7. The rise of telemedicine through new practices and policy changes
One of the challenges brought about by the pandemic has been the need to transform medical visits to ensure the safety of patients and doctors. This has been addressed by the increasing use of telemedicine. Virtual care is gradually becoming common practice following a change in policy at government and provider level to ensure increased consumer uptake.
Recognising the importance of these new tools, state and federal regulators have moved quickly to remove regulatory barriers to telemedicine. These measures have enabled the new practice to develop new programs as well as expand existing networks.
8. Novel device for postpartum haemorrhage
Postpartum haemorrhage affects one to five per cent of women giving birth. Characterised by excessive bleeding after the birth of the child, the complication may require blood transfusions, administration of drugs with dangerous side effects, lengthy and uncomfortable procedures and may even lead to an emergency hysterectomy resulting in loss of fertility. Until now, non-surgical interventions targeting the site of bleeding have been limited to balloon devices that dilate the uterus while compressing the bleeding site. The new approach to postpartum haemorrhage is vacuum-induced uterine tamponade. This method uses the negative pressure created inside the uterus to collapse the bleeding cavity, causing the muscle to close the vessels. This low-tech innovation could save the lives of women all over the world, especially in developing countries where access to resources is often limited.
9. PARP inhibitors for prostate cancer
Over the past decade, progress has been made in the diagnosis and treatment of prostate cancer. With one in nine men diagnosed with the disease during his lifetime, it remains the second leading cause of cancer death among men in the United States.
Pharmacological inhibitors, known for their success in women’s cancer, block proteins called PARPs that help repair damaged tumour DNA in people with mutations in the BRCA1 and BRCA2 genes. Two of them have been shown to delay the progression of prostate cancer in men with refractory cancer and mutations in the DNA repair pathway. In May 2020, both were approved for the treatment of the disease.

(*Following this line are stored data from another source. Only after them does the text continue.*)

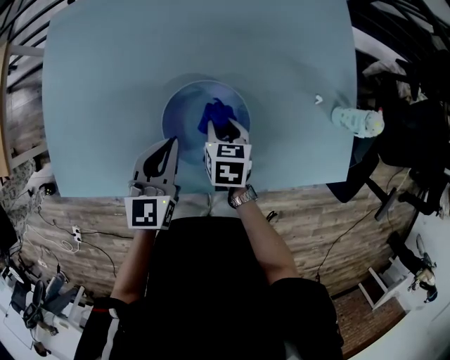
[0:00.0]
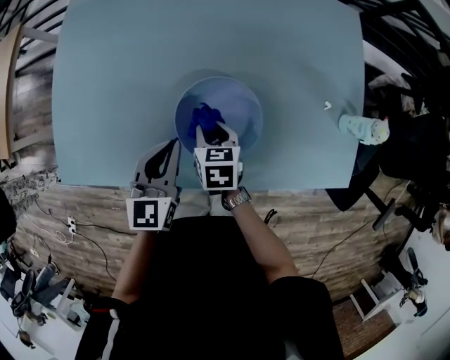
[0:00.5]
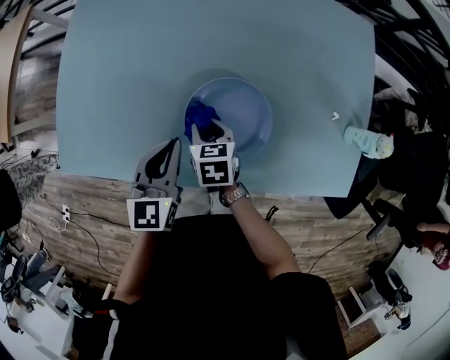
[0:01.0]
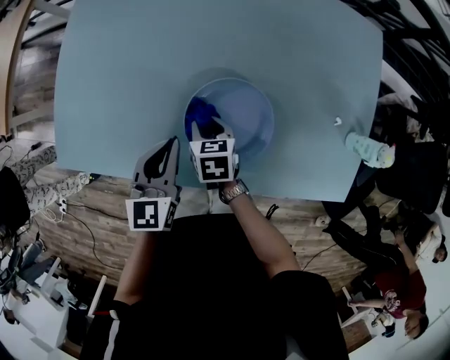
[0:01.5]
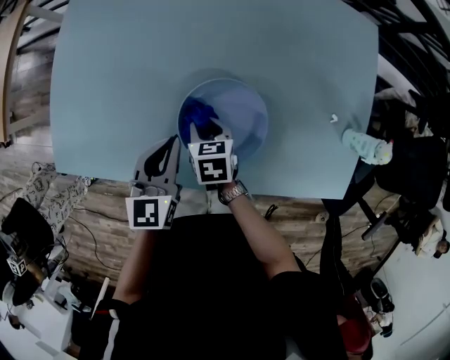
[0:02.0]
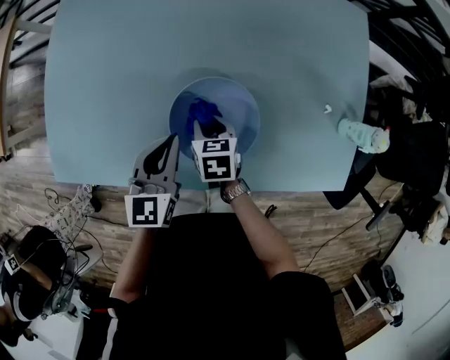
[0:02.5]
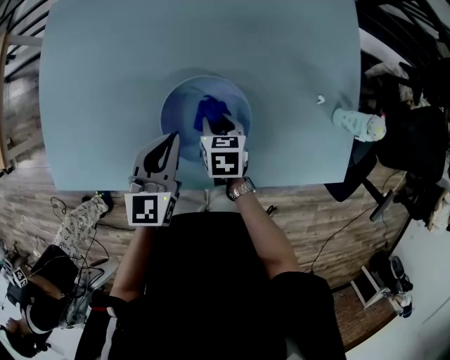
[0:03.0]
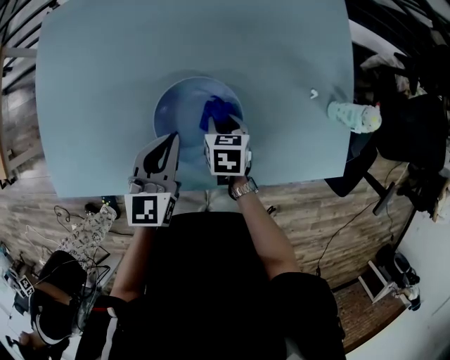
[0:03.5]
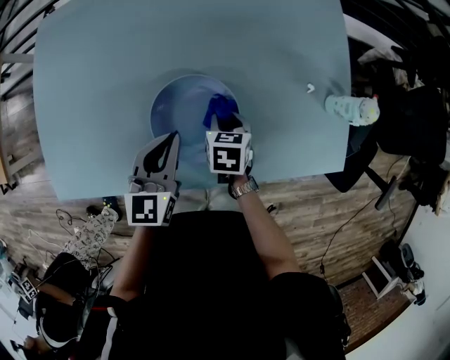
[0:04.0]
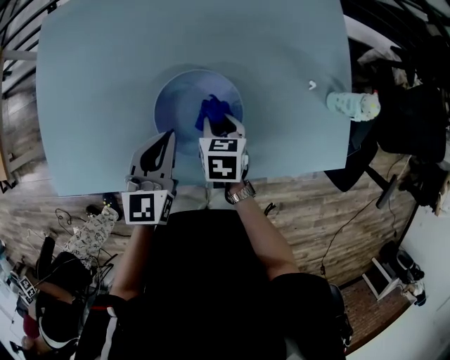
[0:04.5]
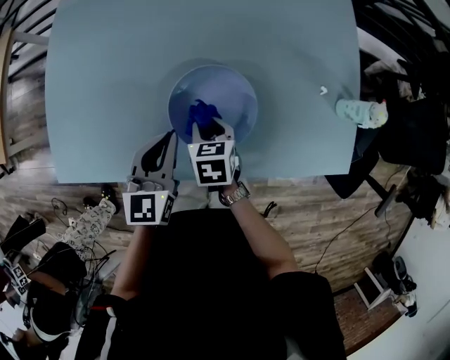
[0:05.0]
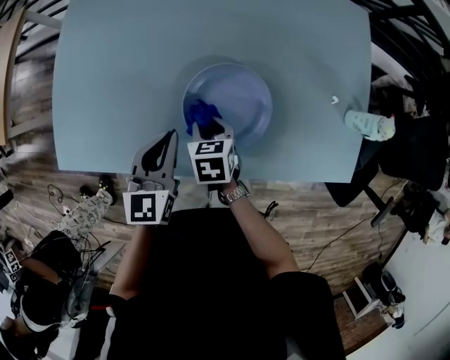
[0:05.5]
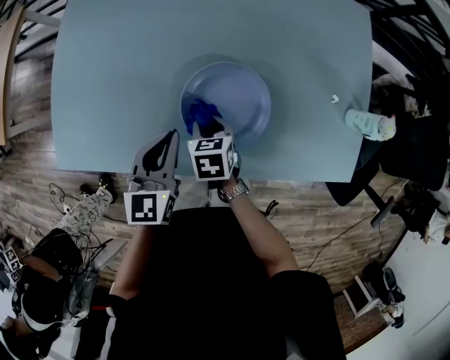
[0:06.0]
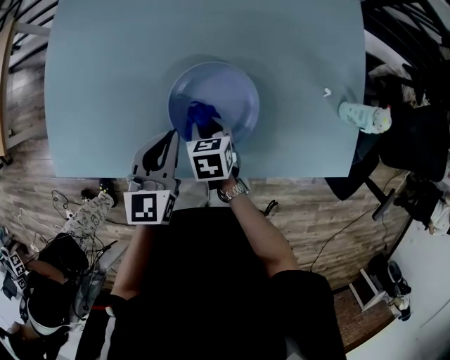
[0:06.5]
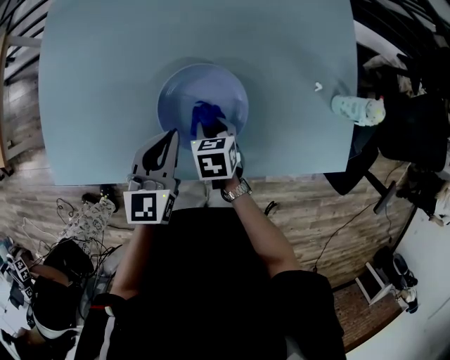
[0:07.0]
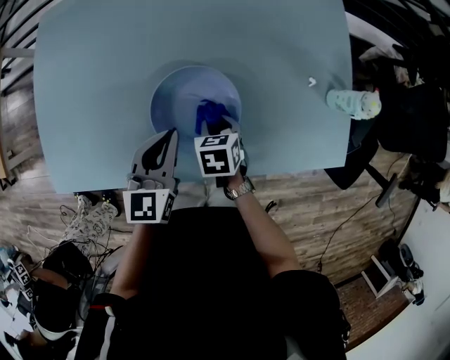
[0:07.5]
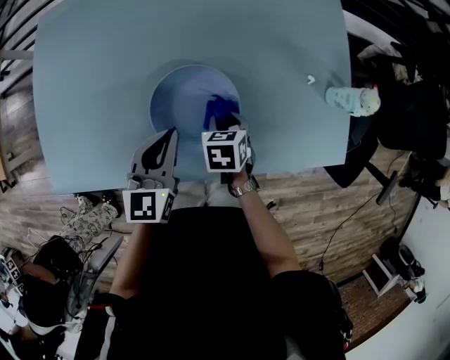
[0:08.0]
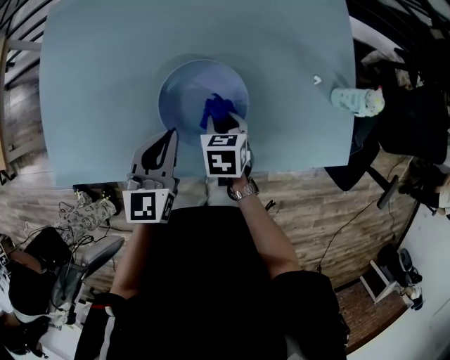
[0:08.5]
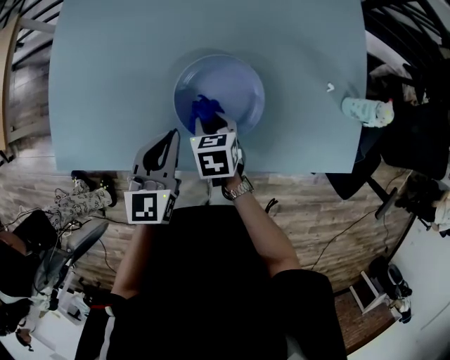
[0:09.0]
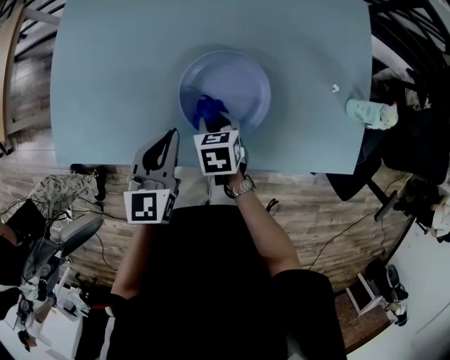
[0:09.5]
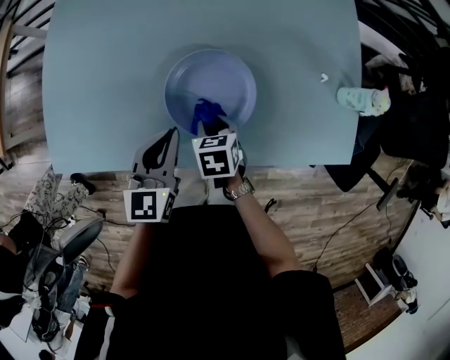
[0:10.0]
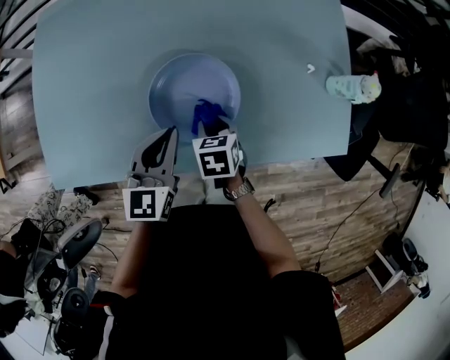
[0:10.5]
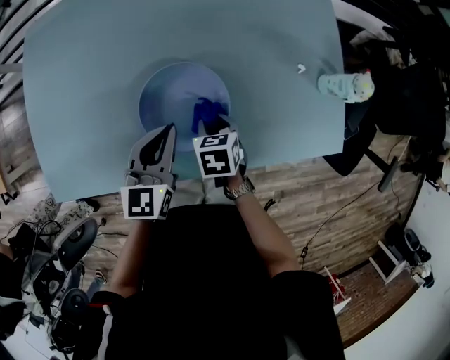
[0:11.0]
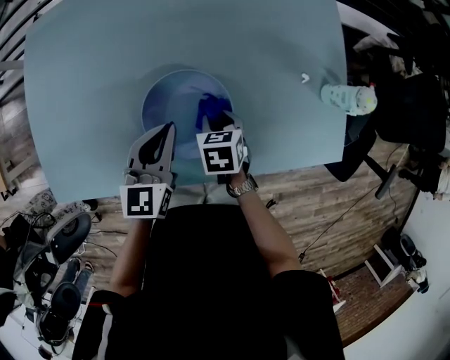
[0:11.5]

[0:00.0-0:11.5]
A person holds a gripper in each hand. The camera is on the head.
0:00.0 to 0:02.0: The left gripper travels to the left by some 5 cm. The right gripper goes some 10 cm to the left.
0:02.0 to 0:04.0: The left gripper moves to the right, about 10 cm, while the right gripper travels to the right by some 15 cm, and swivels some 20 degrees.
0:04.0 to 0:06.0: The left gripper goes approximately 10 cm to the left, while the right gripper shifts roughly 15 cm to the left.
0:06.0 to 0:07.5: Both grippers move to the right, about 10 cm.
0:07.5 to 0:09.5: The left gripper goes approximately 10 cm to the left and backward; the right gripper travels to the left by roughly 10 cm.
0:09.5 to 0:11.5: The right gripper moves to the right, roughly 10 cm; the left gripper is displaced to the right and forward by roughly 15 cm.

10. New medicines specifically targeting migraines
Usually treated with multi-purpose medications such as high blood pressure medication, antidepressants, anti-convulsion drugs and Botox injections, migraine attacks affect more than 38 million people in the United States, or 12% of the population. These methods, while effective in some cases, do not provide a concrete solution to help relieve migraine pain. In 2018, new drugs have been developed specifically targeting this condition. By blocking the activity of a molecule called calcitonin gene related peptide (CGRP), which reaches its peak during a migraine, this class of drugs is now approved by the FDA. Currently actively prescribed, this new class of drugs represents a major breakthrough in the treatment of migraines.
At next year’s Medical Innovation Summit, Cleveland Clinic will also introduce a new award in honour of its rich history of innovation and progress in healthcare provision.
Details of the inaugural award will be published in early 2021. However, we already know that it will be awarded to a team, individual or organisation that has made a significant contribution to the healthcare sector in one or more defined areas.